ASSIGNED TASK
Each entry is to be retyped exactly as it appears, and each image is to be dropped.

[Opening THE INPUT section]

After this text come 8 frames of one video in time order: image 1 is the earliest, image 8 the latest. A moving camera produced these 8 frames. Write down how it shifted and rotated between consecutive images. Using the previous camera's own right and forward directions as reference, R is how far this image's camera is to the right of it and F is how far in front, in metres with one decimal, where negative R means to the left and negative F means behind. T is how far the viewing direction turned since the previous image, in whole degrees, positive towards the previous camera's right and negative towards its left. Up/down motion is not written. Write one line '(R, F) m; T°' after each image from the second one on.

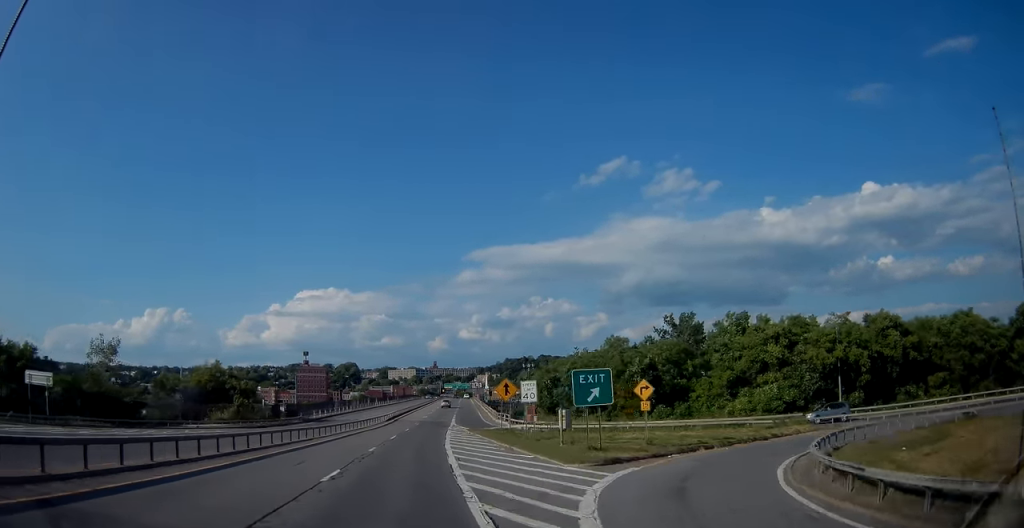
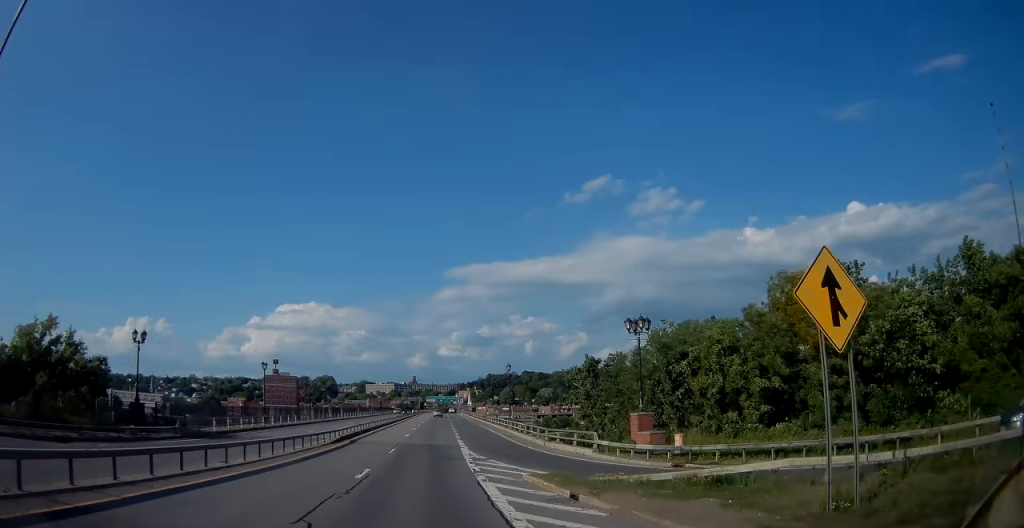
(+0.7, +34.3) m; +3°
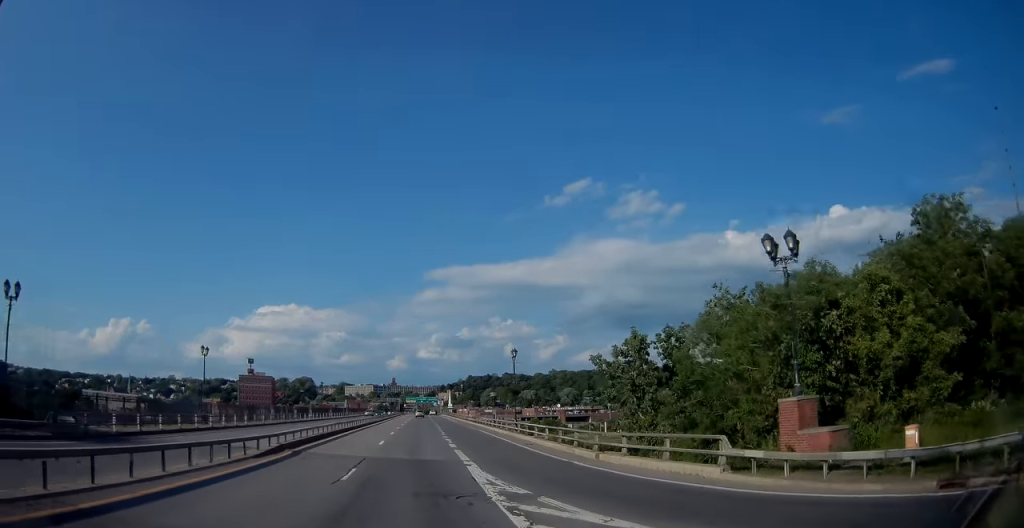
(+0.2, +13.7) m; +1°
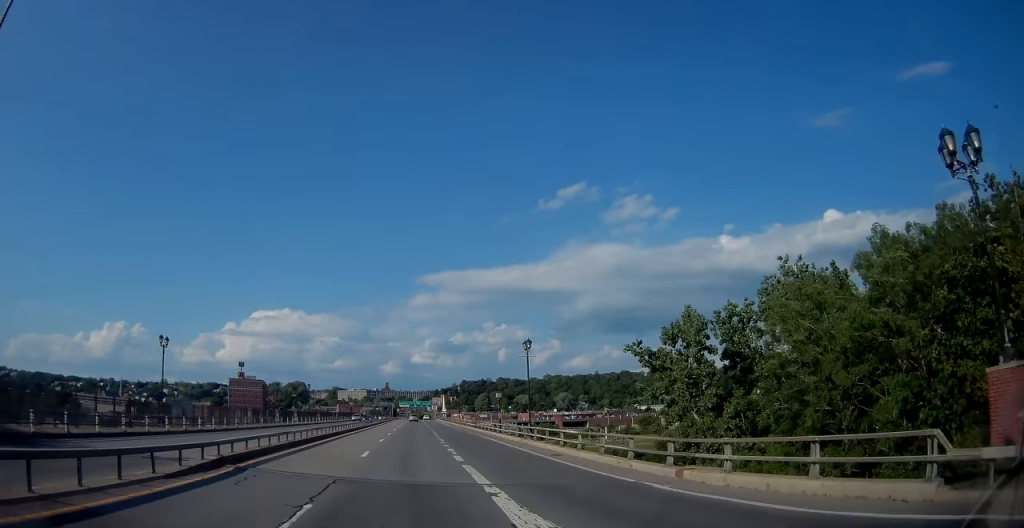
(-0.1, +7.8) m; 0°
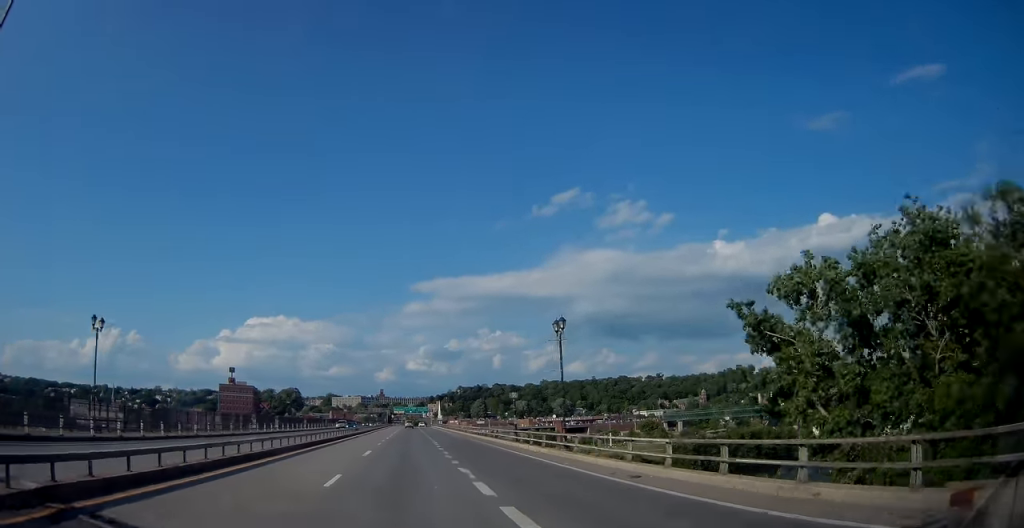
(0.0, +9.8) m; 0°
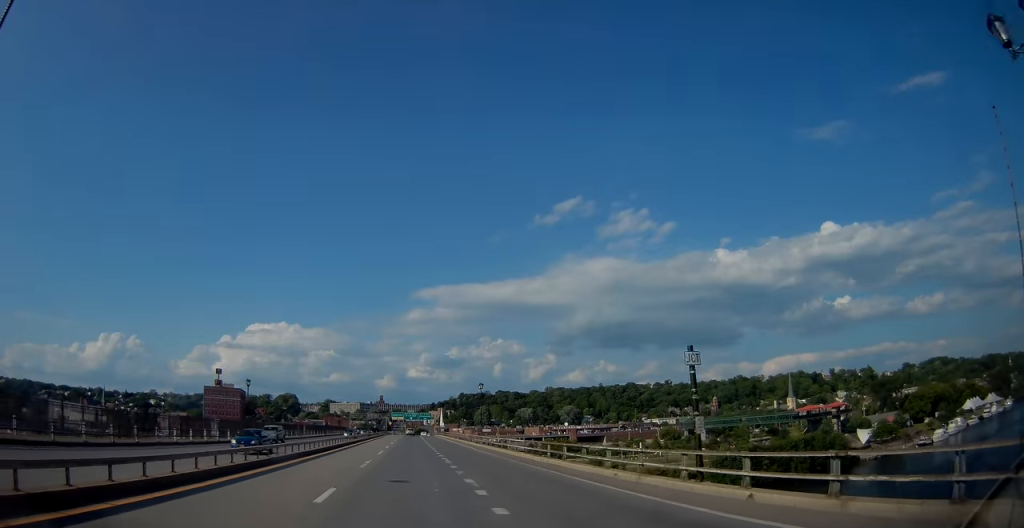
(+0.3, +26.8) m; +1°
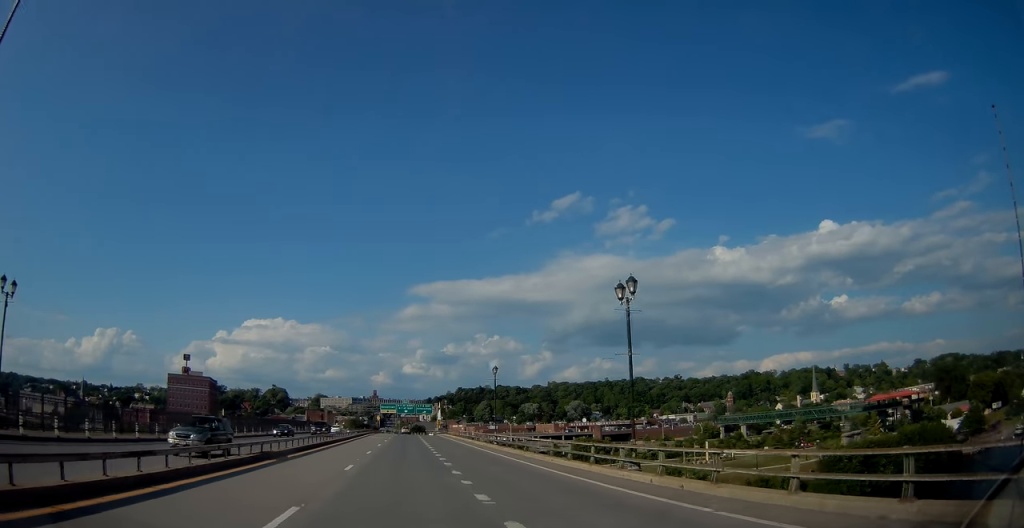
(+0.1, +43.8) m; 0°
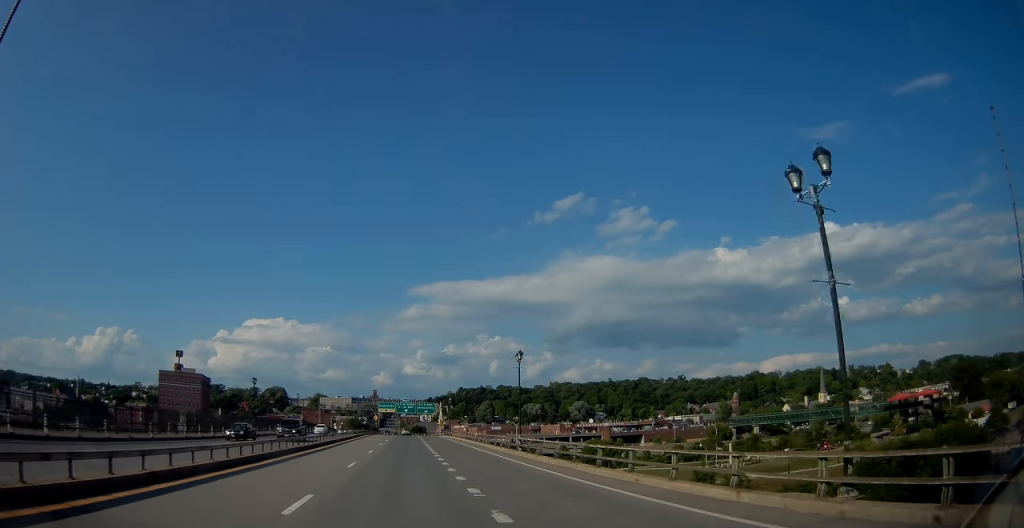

[Closing THE INPUT section]

SOLUTION
After this text come 8 frames of one video in time order: image 1 is the earliest, image 8 the latest. A moving camera produced these 8 frames. Write down how it shifted and rotated between consecutive images. Using the previous camera's own right and forward directions as reference, R is how far this image's camera is to the right of it and F is how far in front, in metres with one decimal, where negative R means to the left and negative F means behind. T is how far the viewing direction turned since the previous image, in whole degrees, positive towards the previous camera's right and negative towards its left. Up/down motion is not written. Write one line '(R, F) m; T°' after each image from the second one on.

(+0.7, +34.3) m; +3°
(+0.2, +13.7) m; +1°
(-0.1, +7.8) m; 0°
(0.0, +9.8) m; 0°
(+0.3, +26.8) m; +1°
(+0.1, +43.8) m; 0°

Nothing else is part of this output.